Ethiopia jails Swedes on terrorism charges

Two journalists sentenced to 11 years in prison after entering the country illegally with an outlawed separatist group.

    A court in Ethiopia has sentenced two Swedish journalists to 11 years in prison for supporting terrorism and entering the country illegally.

    Judge Shemsu Sirgaga ruled on Tuesday that the freelance reporters - Johan Persson and Martin Schibbye -  should be sentenced to 11 years each of "rigorous imprisonment".

    "This sentence should satisfy the goal of peace and security," he said.

    The two were found guilty last week of of helping and promoting an outlawed ethnic Somali rebel group with which they entered Ethiopia.

    They were arrested in the Ogaden region on July 1 during clashes between Ethiopian forces and fighters of the separatist Ogaden National Liberation Front (ONLF).

    'Political sentence'

    The Swedish Union of Journalists (SJF) condemned the sentence as politically motivated and called on Sweden's government to intervene.

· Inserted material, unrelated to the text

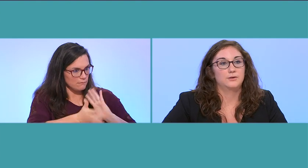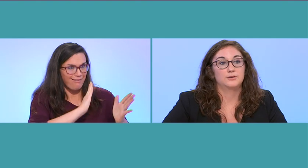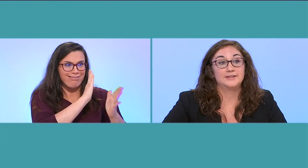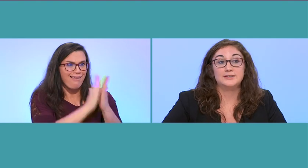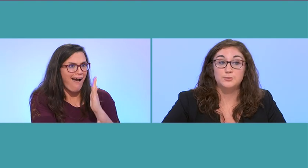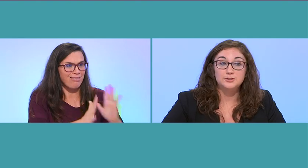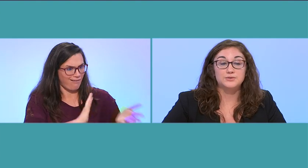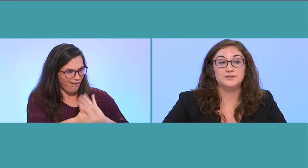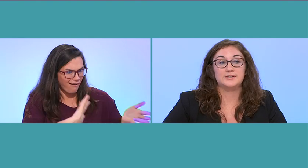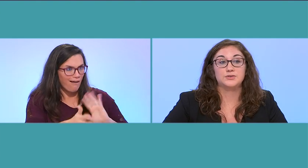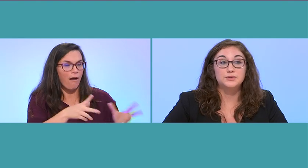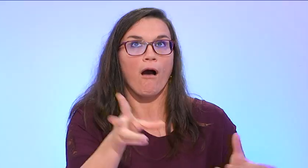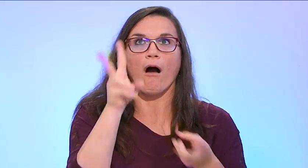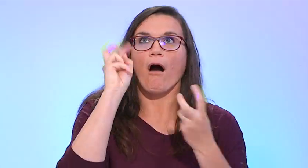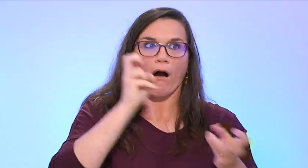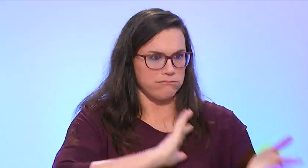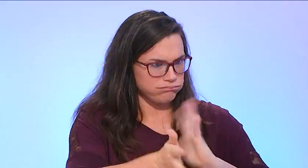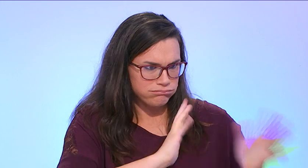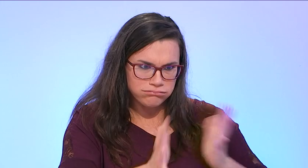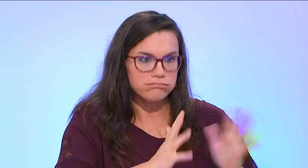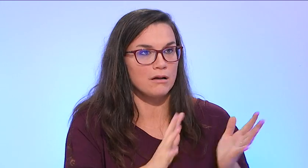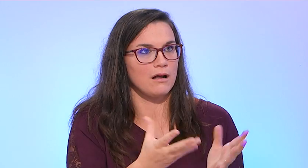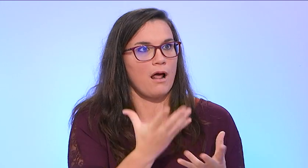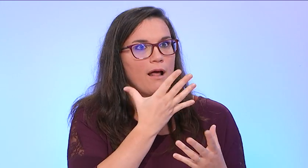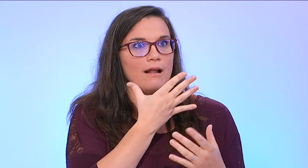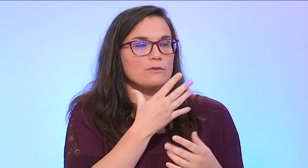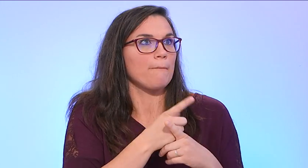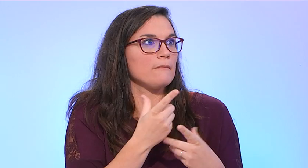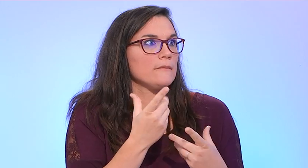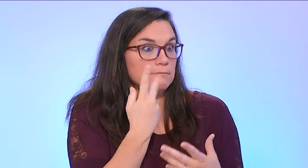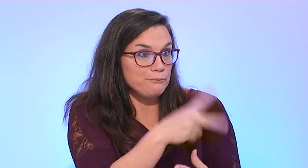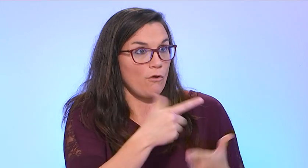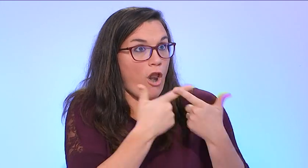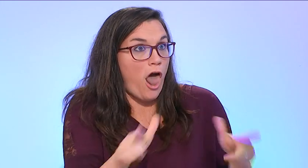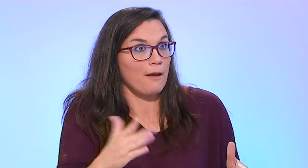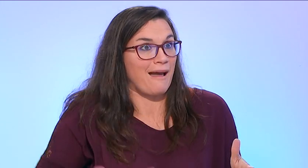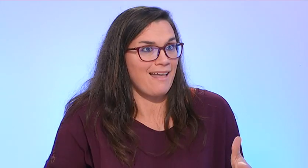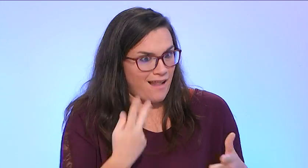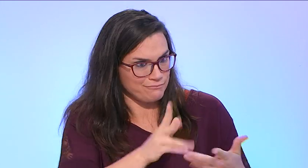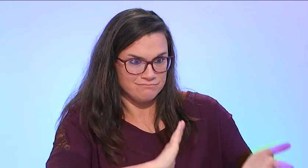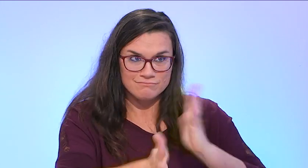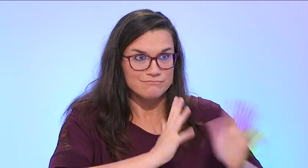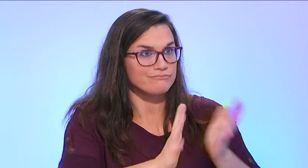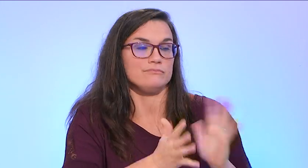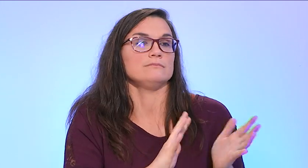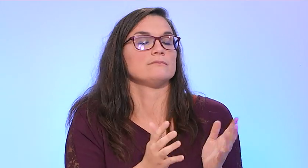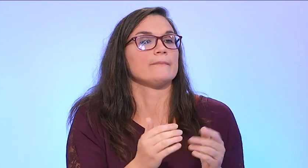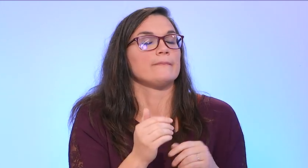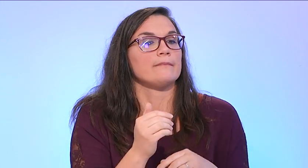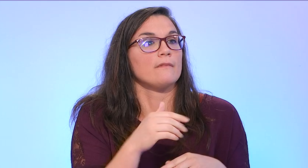Et c'est dommage, puisque c'est ce type d'école où les enfants seraient très à l'air, puisqu'il y aurait leur langue des signes,
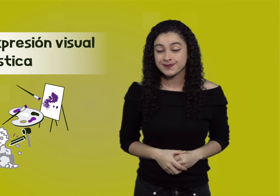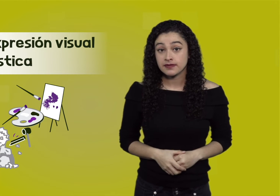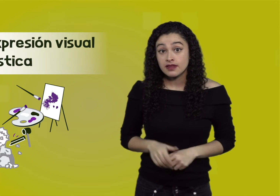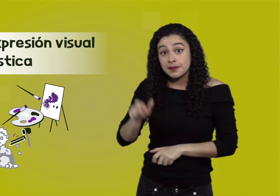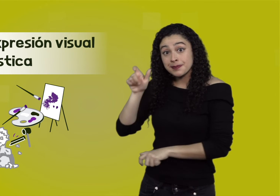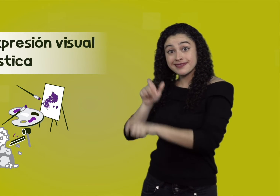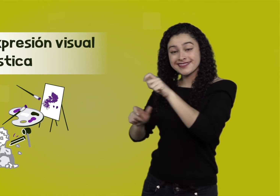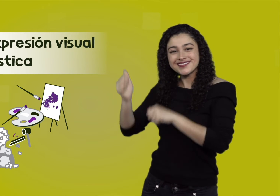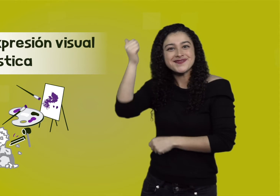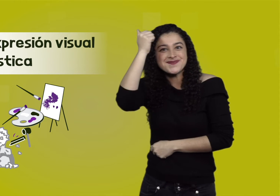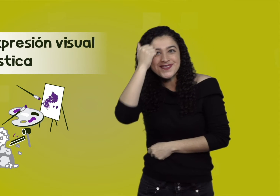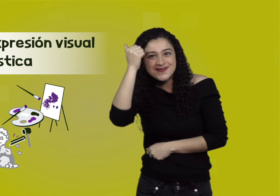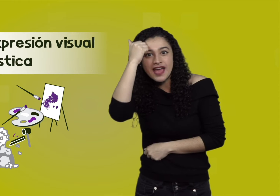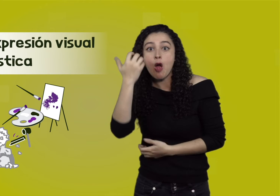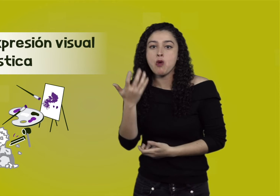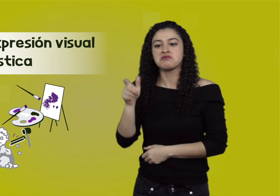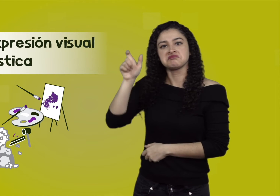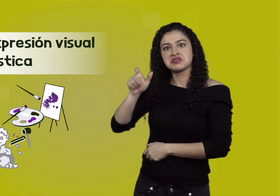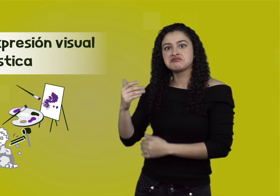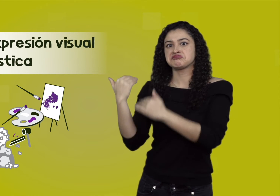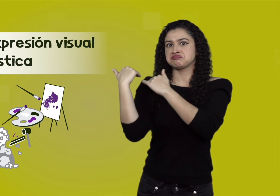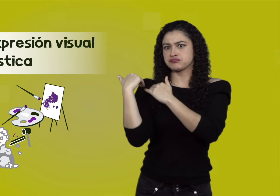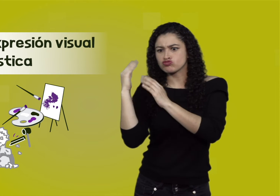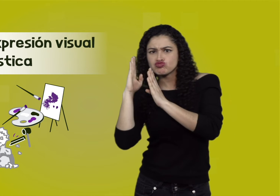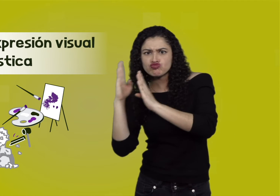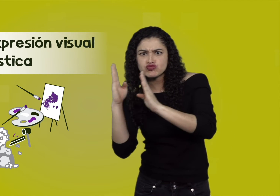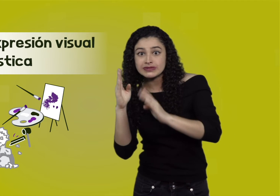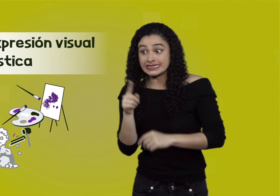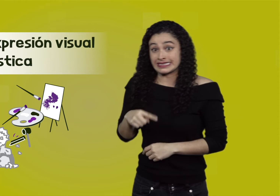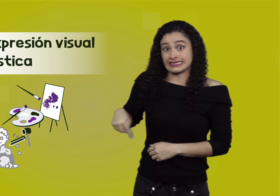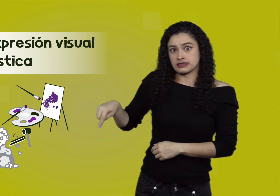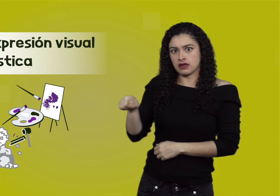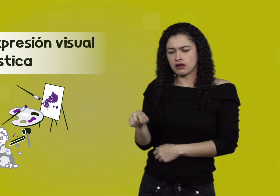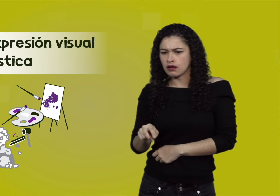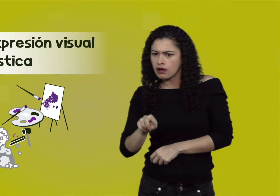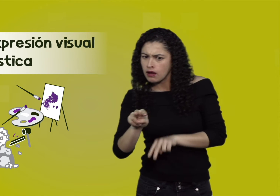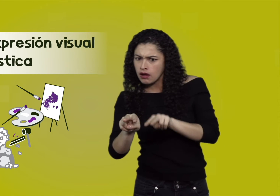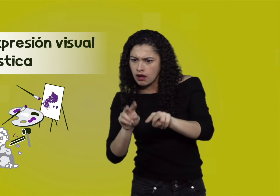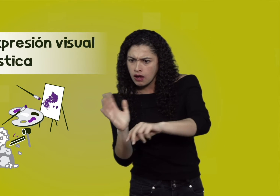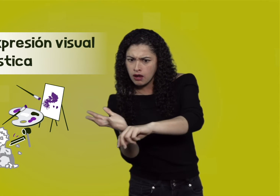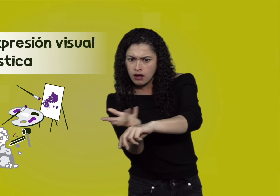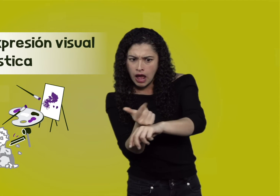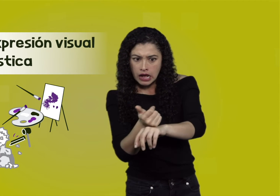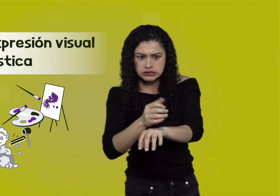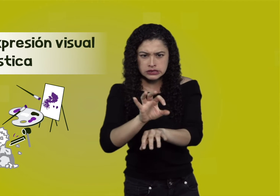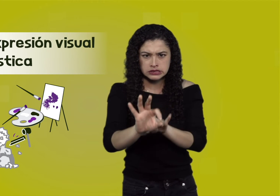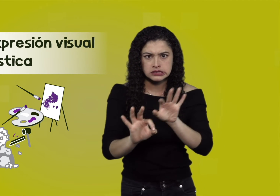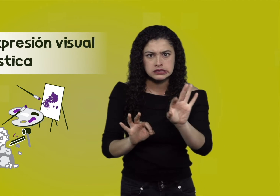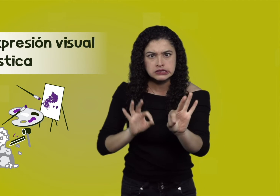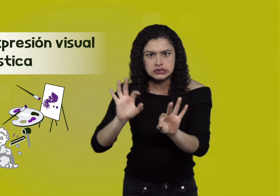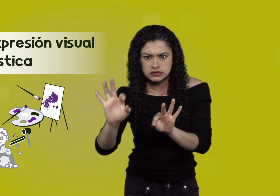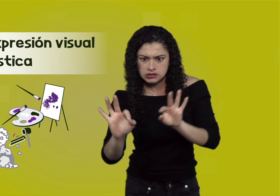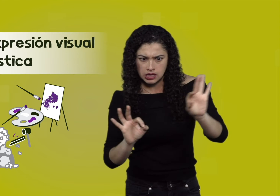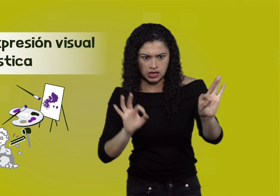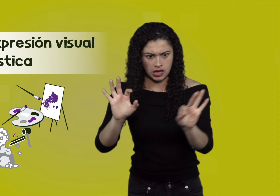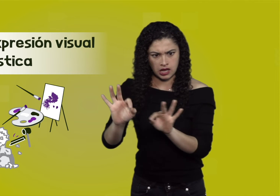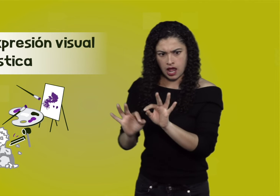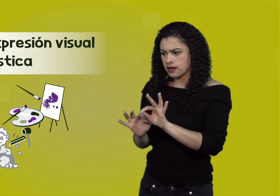entre otras expresiones artísticas. Los docentes y agentes educativos tienen el reto de gestionar experiencias

    "It is obvious that this is a political sentence," SJF president Jonas Nordling said in a statement.

    "Now the Swedish government has the heavy responsibility of resolving this at the political level ... The government must show that Sweden is doing everything possible to support and defend freedom of the press."

    The Ethiopian government has blacklisted the ONLF as a terrorist group, and recently adopted legislation outlawing promotion of the group's activities.

    Ogaden area is off limits to foreigners and the duo entered Ethiopia from Somalia without visas. They admitted contact with ONLF but rejected accusations that they received weapons training.

    The journalists' lawyer said his clients were weighing the option of an appeal, but that for now there was no talk of pleading for clemency.

    "We are only talking about the possibility of appealing for the time being, which follows judicial procedure," Sileshi Ketsela, the defence lawyer, told the Reuters news agency.

    Swedish authorities have maintained that the two were in the country on a journalistic mission.